▽

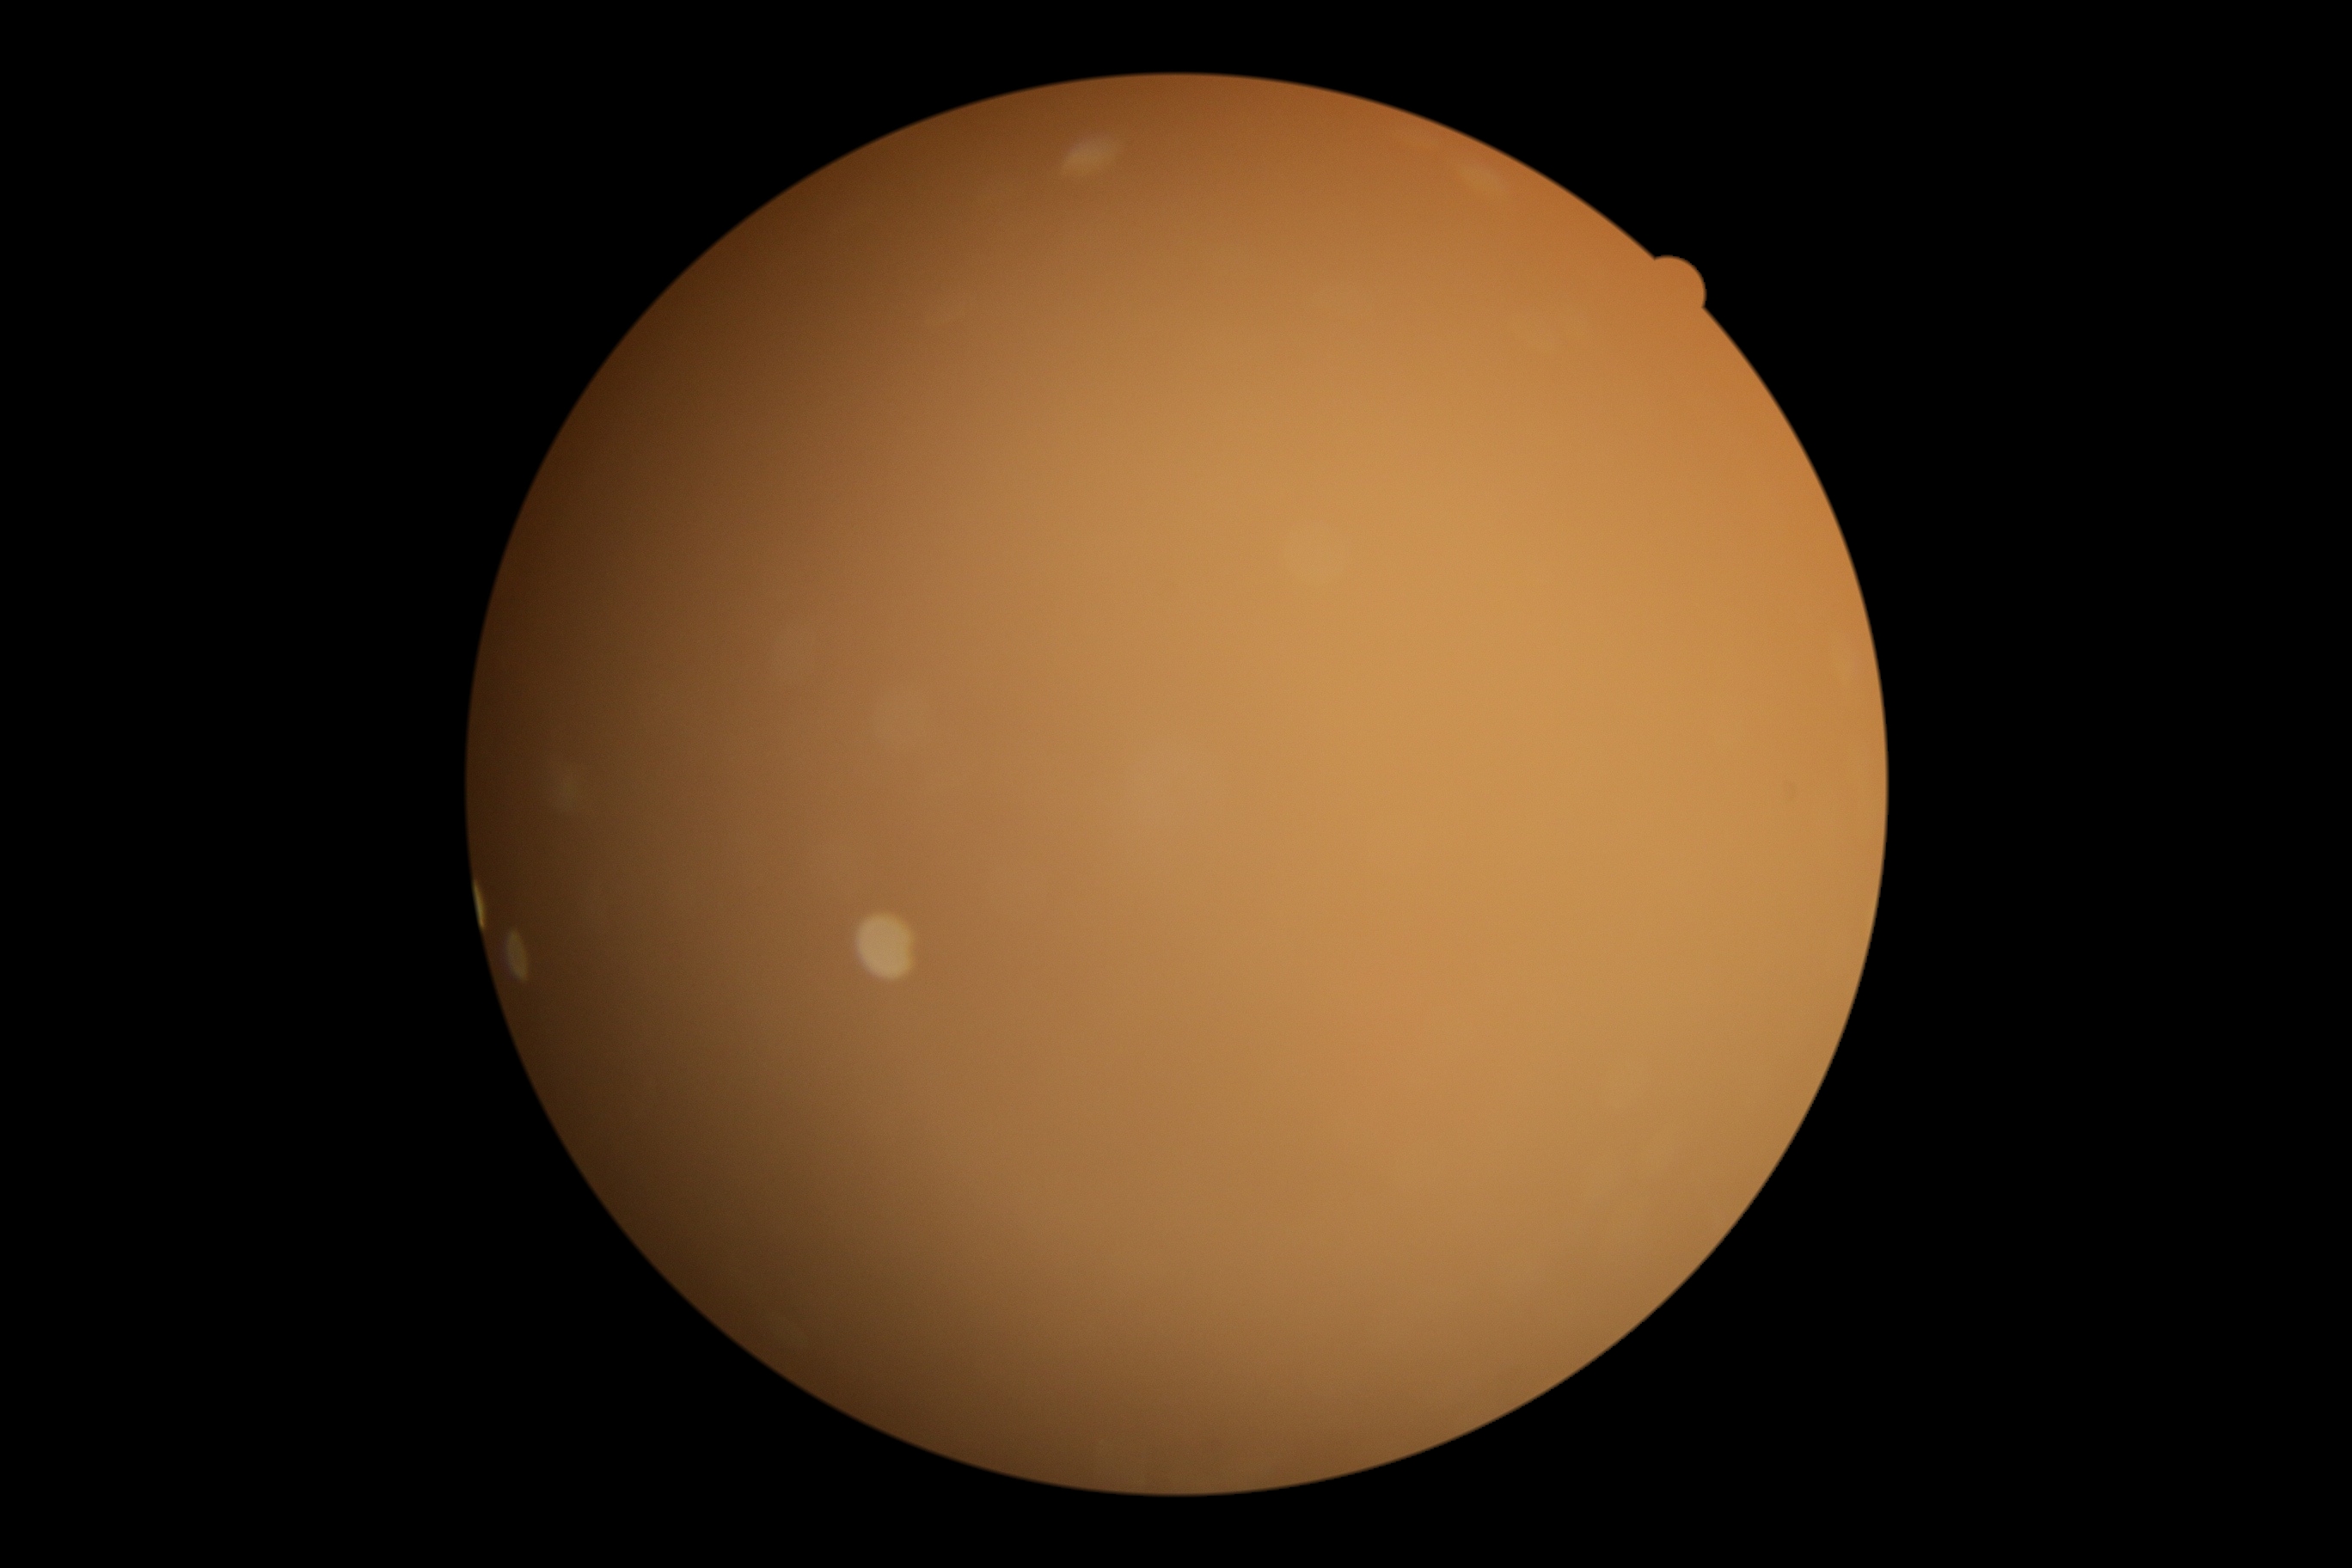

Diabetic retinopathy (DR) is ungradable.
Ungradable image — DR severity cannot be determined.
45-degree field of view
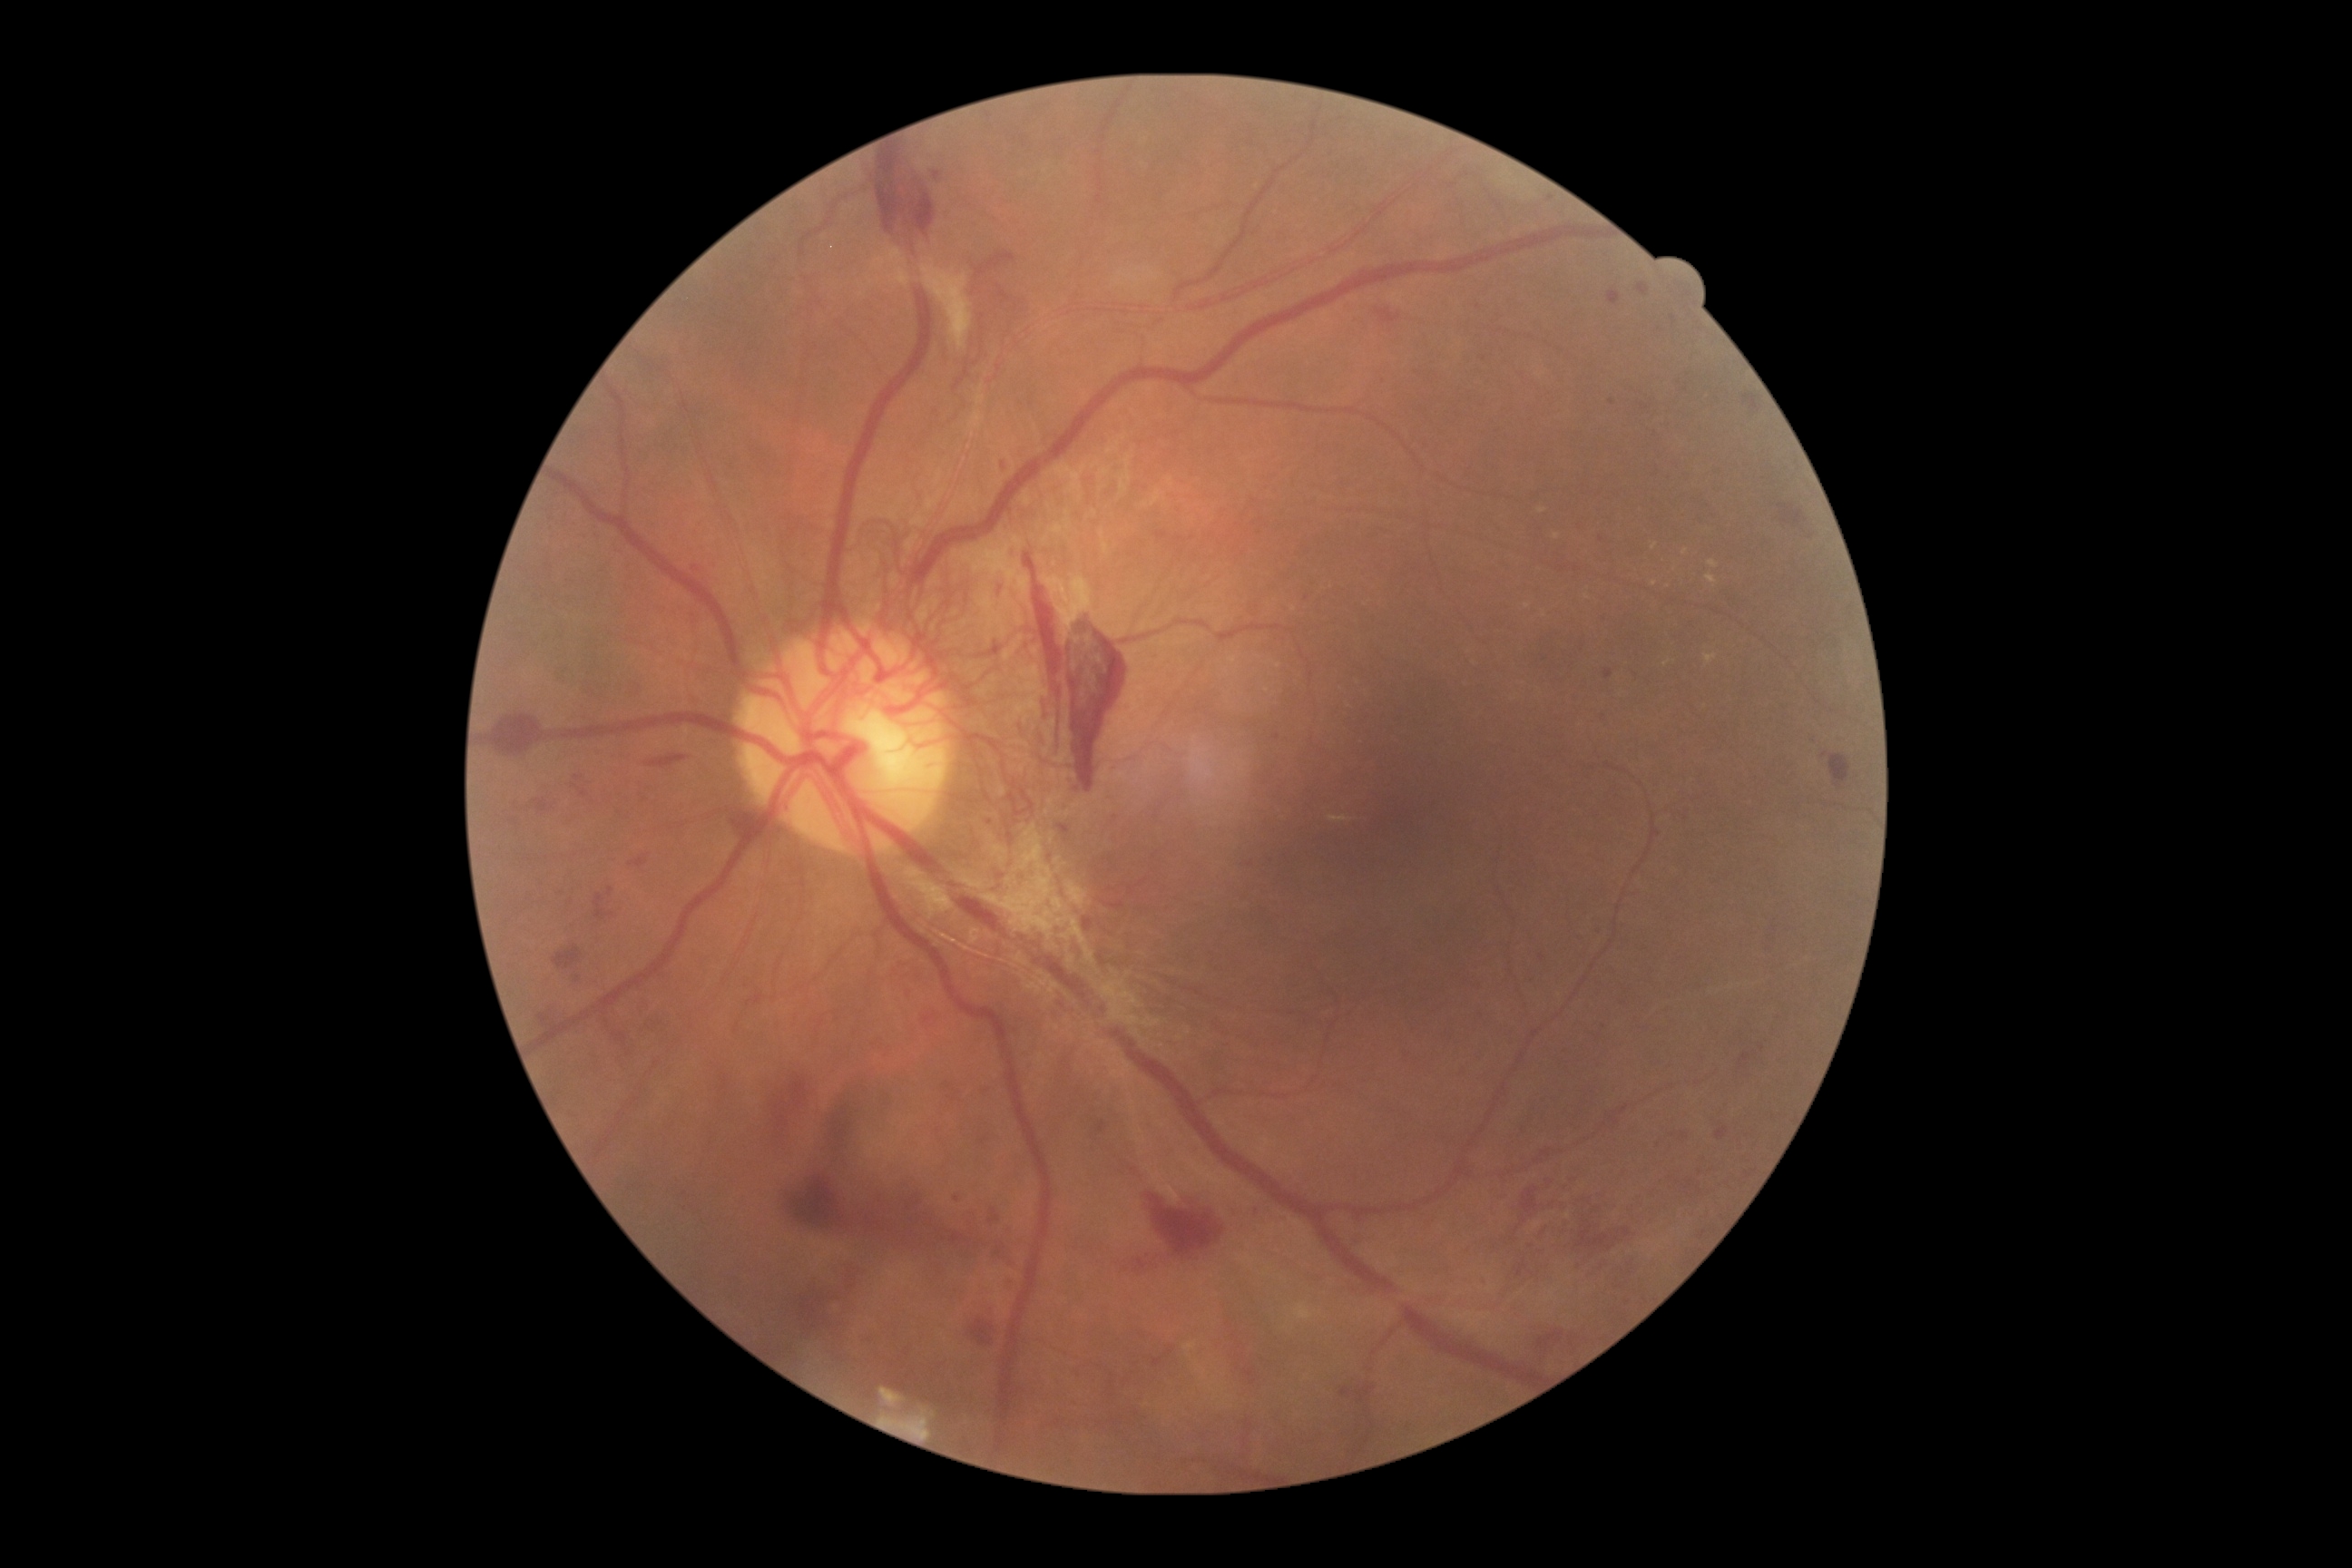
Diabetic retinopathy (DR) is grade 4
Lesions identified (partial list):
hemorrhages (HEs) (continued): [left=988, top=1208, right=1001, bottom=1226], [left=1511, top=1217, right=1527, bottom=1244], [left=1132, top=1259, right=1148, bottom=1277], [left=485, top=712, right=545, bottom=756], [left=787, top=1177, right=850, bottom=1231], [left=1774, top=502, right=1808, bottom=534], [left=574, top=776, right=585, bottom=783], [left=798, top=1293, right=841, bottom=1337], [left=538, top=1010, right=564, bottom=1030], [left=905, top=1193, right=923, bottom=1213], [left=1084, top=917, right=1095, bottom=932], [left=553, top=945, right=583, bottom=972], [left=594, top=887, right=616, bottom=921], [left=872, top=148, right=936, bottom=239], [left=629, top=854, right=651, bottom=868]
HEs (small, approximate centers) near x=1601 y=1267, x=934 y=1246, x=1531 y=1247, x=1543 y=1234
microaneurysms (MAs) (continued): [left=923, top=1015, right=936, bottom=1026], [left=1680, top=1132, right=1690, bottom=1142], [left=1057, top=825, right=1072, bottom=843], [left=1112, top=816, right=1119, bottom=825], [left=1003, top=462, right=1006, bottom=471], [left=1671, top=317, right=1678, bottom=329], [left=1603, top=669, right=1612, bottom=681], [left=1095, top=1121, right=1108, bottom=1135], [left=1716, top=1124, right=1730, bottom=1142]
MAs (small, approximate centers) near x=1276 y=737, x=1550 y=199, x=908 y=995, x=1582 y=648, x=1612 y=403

△

• Problem to work on: From the first line to the last, write out the data above exactly. Omit the pictures.

• Response to the task:
Diabetic retinopathy (DR) is ungradable.
Ungradable image — DR severity cannot be determined.
45-degree field of view
Diabetic retinopathy (DR) is grade 4
Lesions identified (partial list):
hemorrhages (HEs) (continued): [left=988, top=1208, right=1001, bottom=1226], [left=1511, top=1217, right=1527, bottom=1244], [left=1132, top=1259, right=1148, bottom=1277], [left=485, top=712, right=545, bottom=756], [left=787, top=1177, right=850, bottom=1231], [left=1774, top=502, right=1808, bottom=534], [left=574, top=776, right=585, bottom=783], [left=798, top=1293, right=841, bottom=1337], [left=538, top=1010, right=564, bottom=1030], [left=905, top=1193, right=923, bottom=1213], [left=1084, top=917, right=1095, bottom=932], [left=553, top=945, right=583, bottom=972], [left=594, top=887, right=616, bottom=921], [left=872, top=148, right=936, bottom=239], [left=629, top=854, right=651, bottom=868]
HEs (small, approximate centers) near x=1601 y=1267, x=934 y=1246, x=1531 y=1247, x=1543 y=1234
microaneurysms (MAs) (continued): [left=923, top=1015, right=936, bottom=1026], [left=1680, top=1132, right=1690, bottom=1142], [left=1057, top=825, right=1072, bottom=843], [left=1112, top=816, right=1119, bottom=825], [left=1003, top=462, right=1006, bottom=471], [left=1671, top=317, right=1678, bottom=329], [left=1603, top=669, right=1612, bottom=681], [left=1095, top=1121, right=1108, bottom=1135], [left=1716, top=1124, right=1730, bottom=1142]
MAs (small, approximate centers) near x=1276 y=737, x=1550 y=199, x=908 y=995, x=1582 y=648, x=1612 y=403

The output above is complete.